297. Serialize and Deserialize Binary Tree (Hard)
Serialization is the process of converting a data structure or object into a sequence of bits so that it can be stored in a file or memory buffer, or transmitted across a network connection link to be reconstructed later in the same or another computer environment.
Design an algorithm to serialize and deserialize a binary tree. There is no restriction on how your serialization/deserialization algorithm should work. You just need to ensure that a binary tree can be serialized to a string and this string can be deserialized to the original tree structure.
For example, you may serialize the following tree
1
/ \
2 3
/ \
4 5
as"[1,2,3,null,null,4,5]", just the same ashow LeetCode OJ serializes a binary tree. You do not necessarily need to follow this format, so please be creative and come up with different approaches yourself.
Note:Do not use class member/global/static variables to store states. Your serialize and deserialize algorithms should be stateless.

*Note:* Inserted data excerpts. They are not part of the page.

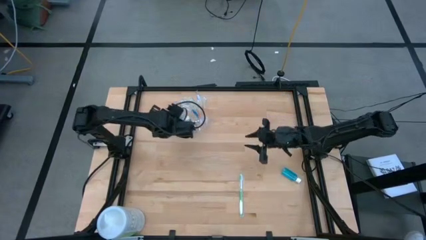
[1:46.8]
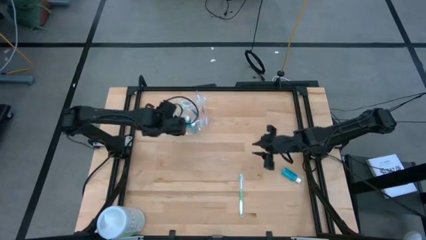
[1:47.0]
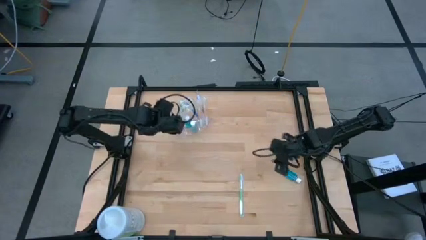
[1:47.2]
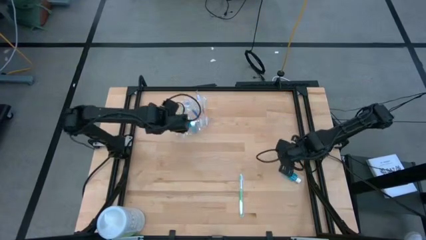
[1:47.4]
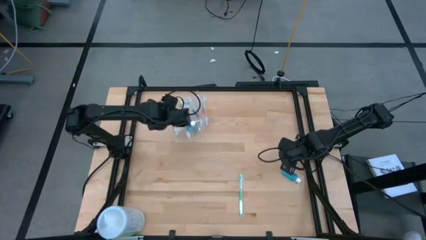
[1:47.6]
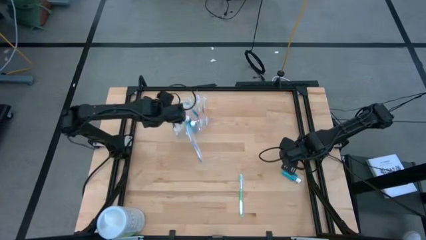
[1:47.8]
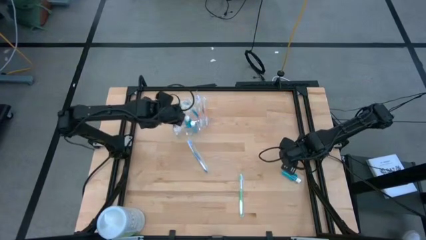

Solution 1: BFS O(n);O(w) O(n);O(n)
Use BFS to traverse the tree in level order and use string "#"(pound) to represent null nodes.
When deserialize the string, assign left and right child for each non-null node, and add the non-null children to the queue, which will be handled later.
public String serialize(TreeNode root) { //O(n);O(w)
if (root == null) {
return "";
}
Queue<TreeNode> queue = new LinkedList<>();
queue.offer(root);
StringBuilder res = new StringBuilder();
while (!queue.isEmpty()) {
TreeNode head = queue.poll();
if (head == null) {
res.append("#,");
continue;
}
res.append(head.val + ",");
queue.offer(head.left);
queue.offer(head.right);
}
return res.toString();
}
public TreeNode deserialize(String data) { //O(n);O(n)
if (data == "") {
return null;
}
String[] values = data.split(",");
TreeNode root = new TreeNode(Integer.parseInt(values[0]));
Queue<TreeNode> queue = new LinkedList<>();
queue.offer(root);
for (int i = 1; i < values.length; i++) {
TreeNode parent = queue.poll();
if (!values[i].equals("#")) {
TreeNode left = new TreeNode(Integer.parseInt(values[i]));
parent.left = left;
queue.offer(left);
}
if (!values[++i].equals("#")) {
TreeNode right = new TreeNode(Integer.parseInt(values[i]));
parent.right = right;
queue.offer(right);
}
}
return root;
}
Solution 2: Recursive, preorder
/**
* Recursive O(n); O(h)
* use preorder traversal with root and a StringBuilder object.
* Append current node's val and a delimiter.
* Then recurse down to left and right subtrees.
* Base case:
* If node is null, append a null node and a delimiter.
* => 1,2,#,#,3,4,#,#,5,#,#,
*/
public String serializeB(TreeNode root) {
StringBuilder sb = new StringBuilder();
return buildString(root, sb).toString();
}
private StringBuilder buildString(TreeNode root, StringBuilder sb) {
if (root == null) {
return sb.append("#").append(",");
}
sb.append(root.val).append(",");
buildString(root.left, sb).append(",");
buildString(root.right, sb);
return sb;
}
/**
* Recursive O(n); O(n)
* Same as preorder traversal.
* Split data by "," and use Queue to store strings.
* Poll a value string from the queue.
* If null node, return null.
* Create a tree node with value.
* Then build left and right subtrees recursively.
*/
public TreeNode deserializeB(String data) {
Queue<String> queue = new LinkedList<>(Arrays.asList(data.split(",")));
return buildTree(queue);
}
private TreeNode buildTree(Queue<String> queue) {
String head = queue.poll();
if ("#".equals(head)) {
return null;
}
TreeNode root = new TreeNode(Integer.valueOf(head));
root.left = buildTree(queue);
root.right = buildTree(queue);
return root;
}